The 22-year-old League mid laner was simply too good for Jojopyun and C9, racking up a 25-5 kill/death score in the 3-1 series victory. C9 drew first blood by taking the opening game, but FlyQuest bounced back and then never looked back as they ran over the 2024 LCS Summer Split runners-up. In the end, Quad managed an 81 percent kill participation, highlighted by an impressive nine-kill effort in game two on Smolder.
It took more than a single player stepping up for FlyQuest to get the job done though; top laner Bwipo recovered after a rough first game in what proved to be a purely Renekton vs.
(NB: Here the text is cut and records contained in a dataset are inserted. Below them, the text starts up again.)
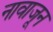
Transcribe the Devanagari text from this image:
नावाजून
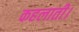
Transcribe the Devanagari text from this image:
कहलाती।
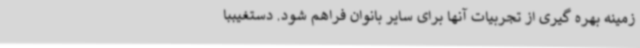
زمینه بهره گیری از تجربیات آنها برای سایر بانوان فراهم شود. دستغیببا
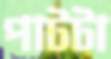
পাটটা
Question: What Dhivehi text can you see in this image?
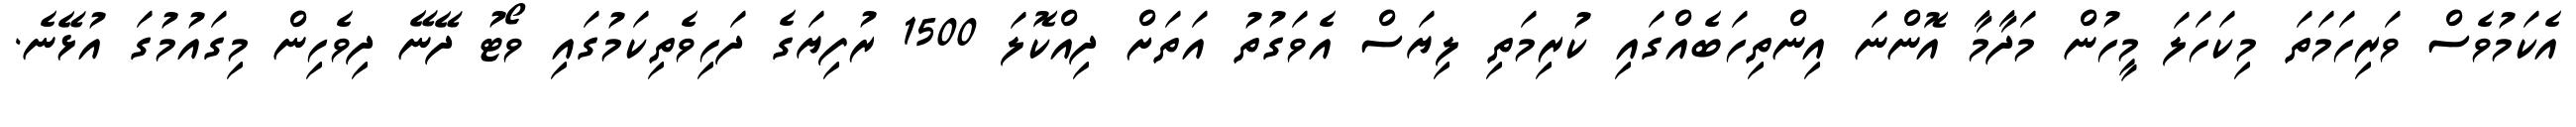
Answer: އެކަމުވެސް ވަރިހަމަތަ މިކަހަލަ މީހުން މަދާމާ އޮންނަ އިންތިހަބެއްގައި ކުރިމަތި ލިޔަސް އެވަގުތު އަތަށް ދިއްކޮލަ 1500 ރުފިޔަގެ ދަހިވެތިކަމުގައި ވޯޓު ދޭނޭ ދިވެހިން މިގައުމުގަ އުޅޭނެ.
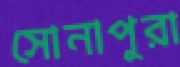
সোনাপুরা
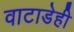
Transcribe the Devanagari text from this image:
वाटाडेही
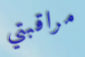
مراقبتي
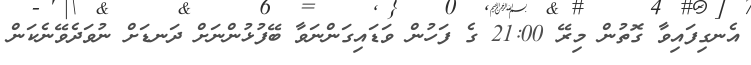
އެނގިފައިވާ ގޮތުން މިރޭ 21:00 ގެ ފަހުން ވަޑައިގަންނަވާ ބޭފުޅުންނަށް ދަނޑަށް ނުވަދެވޭނެކަން
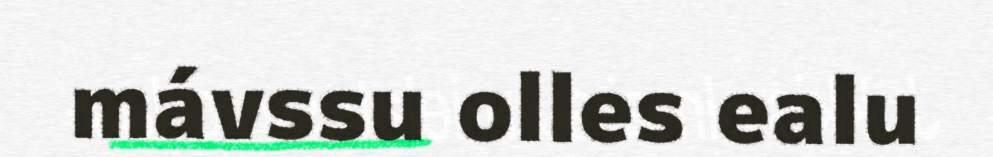
mávssu olles ealu
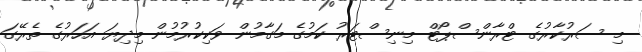
މި ސަރުކާރުގެ ޓްރާންސްޕޯޓް މިނިސްޓަރު ކަމުގެ މަގާމުން ވަކިކުރުމުން މިދިޔަ އަހަރުގެ ތެރޭގަ
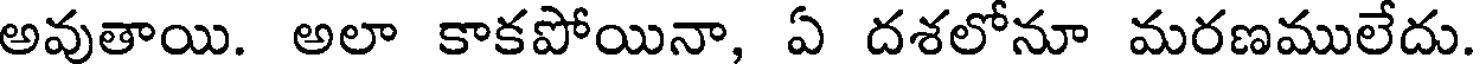
అవుతాయి. అలా కాకపోయినా, ఏ దశలోనూ మరణములేదు.
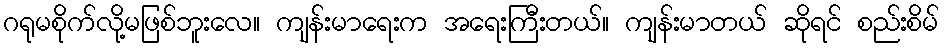
ဂရုမစိုက်လို့မဖြစ်ဘူးလေ။ ကျန်းမာရေးက အရေးကြီးတယ်။ ကျန်းမာတယ် ဆိုရင် စည်းစိမ်
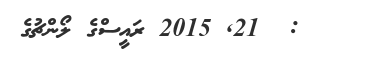
:  21
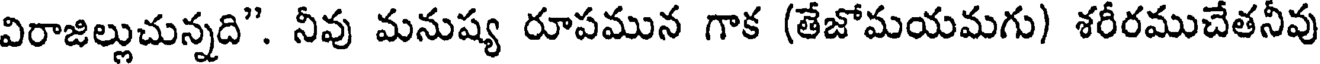
విరాజిల్లుచున్నది". నీవు మనుష్య రూపమున గాక (తేజోమయమగు) శరీరముచేతనీవు
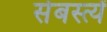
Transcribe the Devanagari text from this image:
सेबस्त्यें
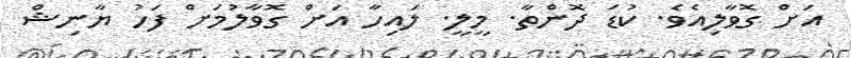
އަށް ގޮވާލިއެވެ. ކުޑަ ދޮންތާ. މީލީ. ލައިހާ އަށް ގޮވާލުމަށް ފަހު ޔާނިޝް
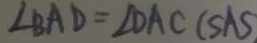
\angle B A D = \angle D A C ( S A S )
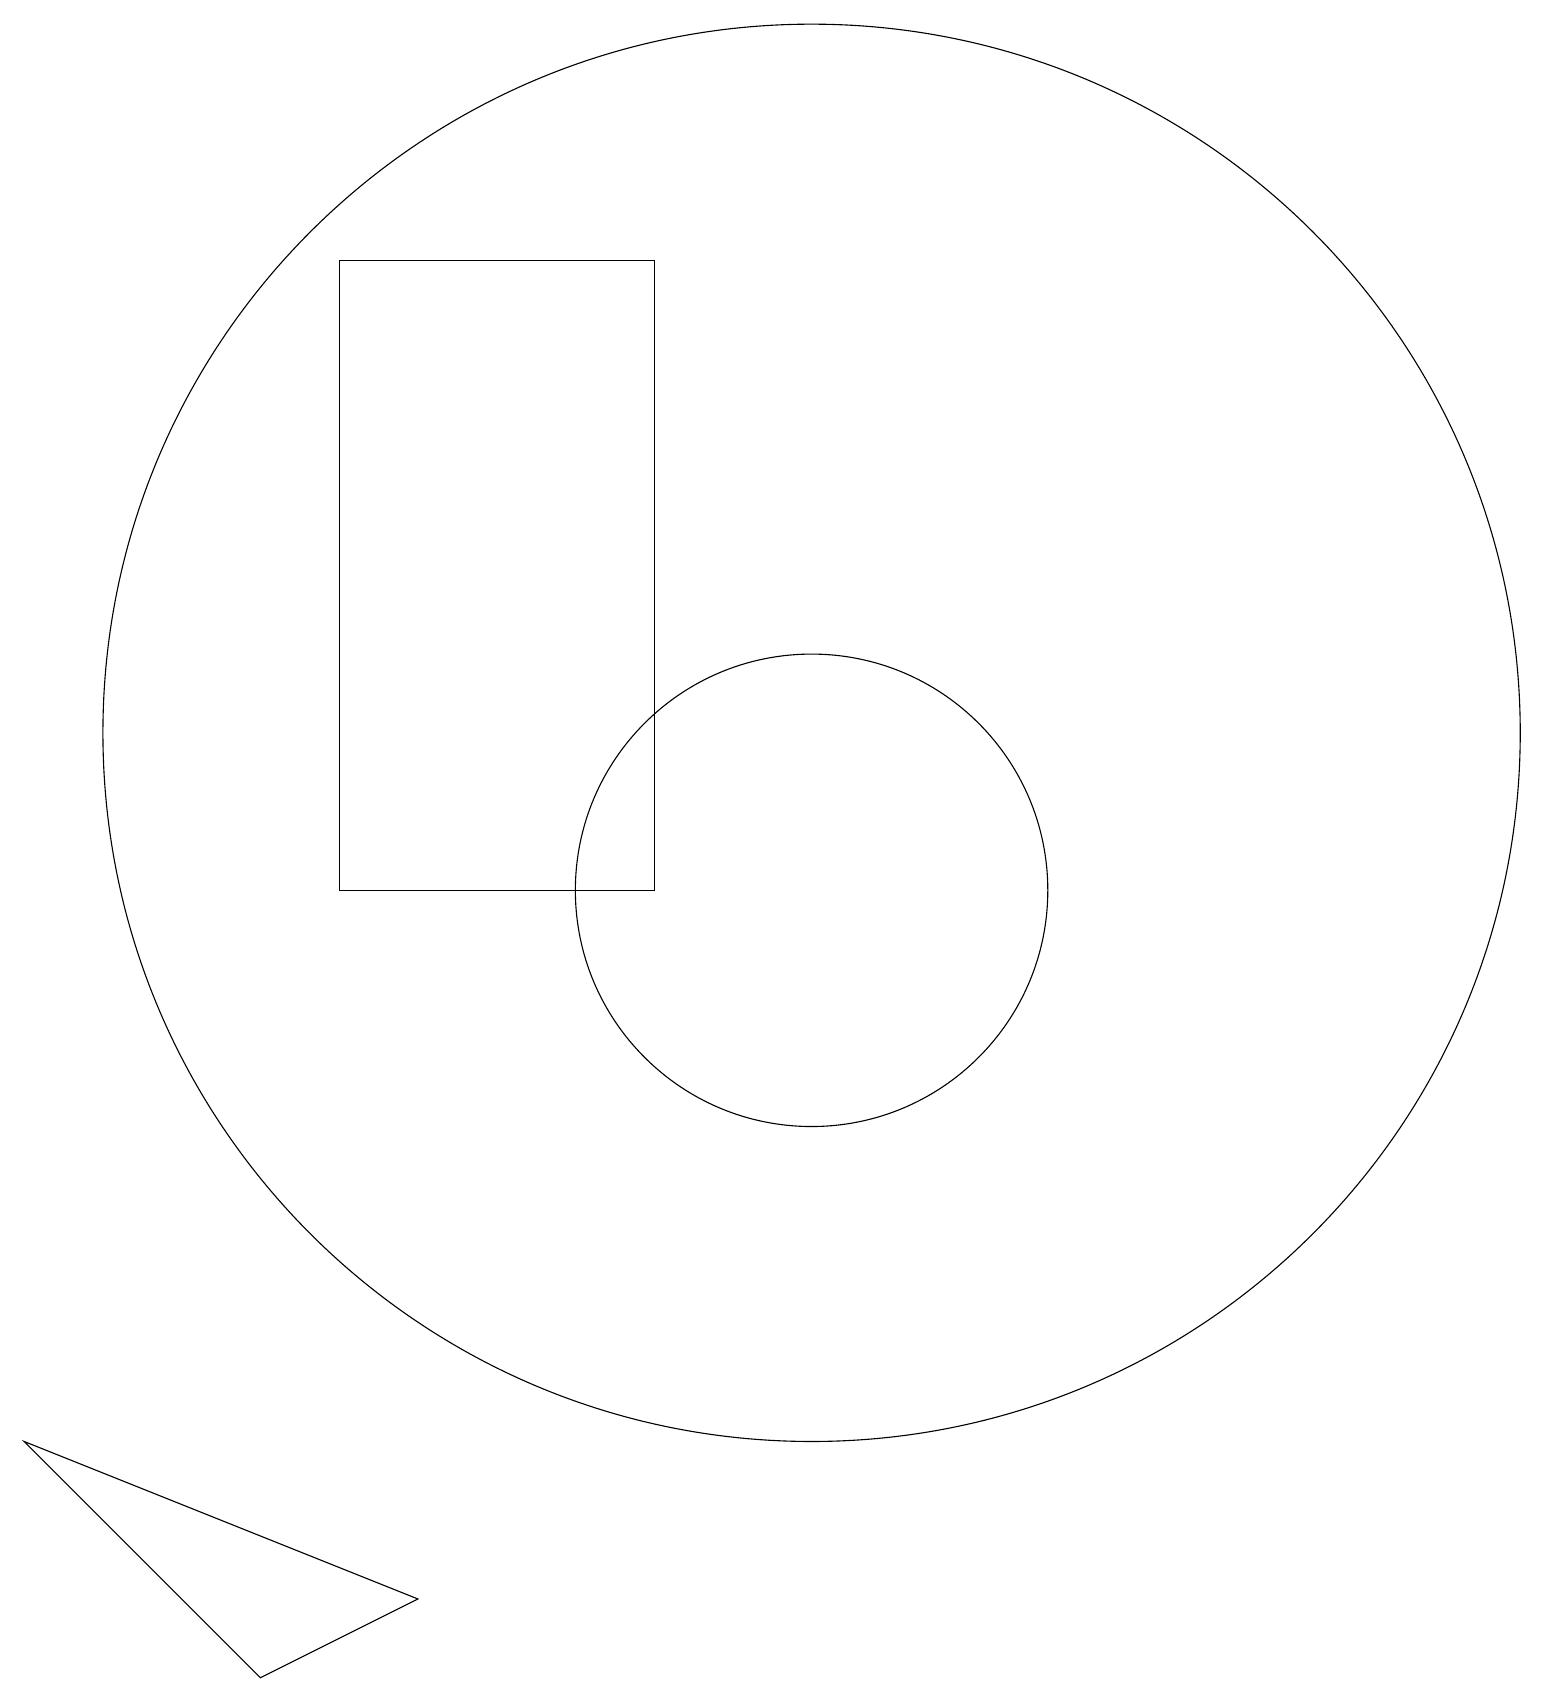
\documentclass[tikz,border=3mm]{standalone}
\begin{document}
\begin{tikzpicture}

K’Sante battle against Thanatos, while jungler Inspired scored a crucial Baron steal late in game three to turn the tide for the boys in green.
“I knew we were going to win if we played like we have in practice,” Inspired said in his post-game LCS interview on-stage, adding that his League squad had finally gotten on the same page and had been working on squashing as many mistakes from their game as possible. “The team is finally doing only coordinated plays, in this game and the whole series we never took a fight when we didn’t need to.”
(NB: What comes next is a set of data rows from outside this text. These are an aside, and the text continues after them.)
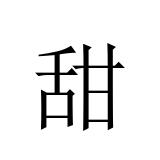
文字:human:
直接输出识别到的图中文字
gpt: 甜
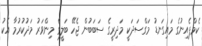
ކެމްޕެއިނުގެ މައިގަނޑު މަގްސަދަކީ މަދިރީގެ ސަބަބުން ޖެހޭ ބަލީގެ މިންވަރު މަދުކުރުމާ އެކު
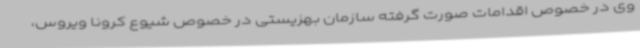
وی در خصوص اقدامات صورت گرفته سازمان بهزیستی در خصوص شیوع کرونا ویروس،
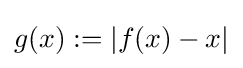
g(x):=|f(x)-x|
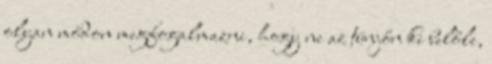
olyan módon megfogalmazni, hogy ne az tünjőn ki belőle,
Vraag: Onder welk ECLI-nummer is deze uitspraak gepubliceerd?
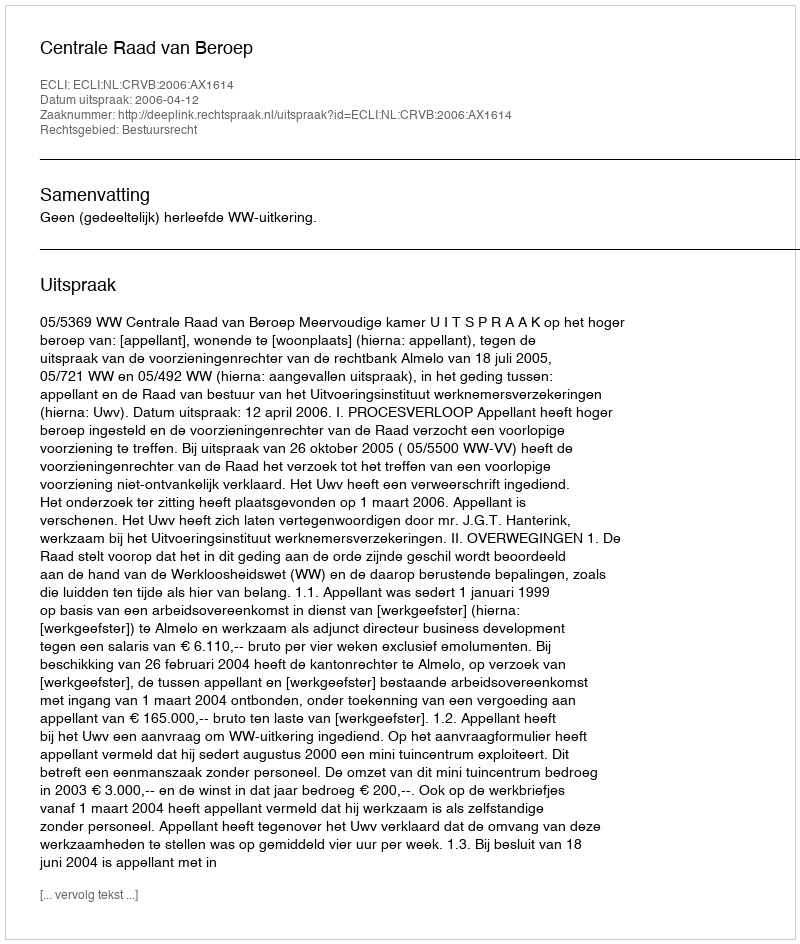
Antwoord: ECLI:NL:CRVB:2006:AX1614
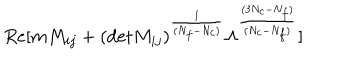
LaTeX: R e [ m M _ { i j } + ( \mathrm { d e t } M _ { i j } ) ^ { \frac { 1 } { ( N _ { f } - N _ { c } ) } } \Lambda ^ { \frac { ( 3 N _ { c } - N _ { f } ) } { ( N _ { c } - N _ { f } ) } } ]
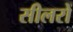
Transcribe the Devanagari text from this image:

It’s the second time FlyQuest will raise its banner at League‘s pinnacle tournament, with its first appearance coming way back in 2020 with the likes of Santorin, PowerOfEvil, and WildTurtle flying the flag. A 3-3 record in the round-robin stage that time wasn’t enough to see the NA squad through the round-robin stage that year.
FlyQuest hasn’t missed a beat this season after adding Quad in place of veteran Jensen; while they could not keep pace with the top two and repeat their Spring performance in Summer, they remain on track for back-to-back grand finals. That said, regardless of how the LCS bracket runs from here, they’ve already earned that crucial Worlds ticket.
For favorites C9, they’re not out of the running yet but can’t afford another slip-up in the lower bracket. The famed League organization has made it to 10 of the past 11 Worlds tournaments, just missing out in 2020, but they’ll need to first win against either 100 Thieves or Dignitas next Sunday or they’ll be absent once again.
FlyQuest, meanwhile, takes on Team Liquid in the upper bracket final on Saturday, Aug. 31 and even though their primary objective is complete, Inspired won’t be laying down without a fight. “There wasn’t much fighting going on [today against C9], the game was pretty controlled, and I think Liquid is very good at that as well so it’s not going to be as easy.”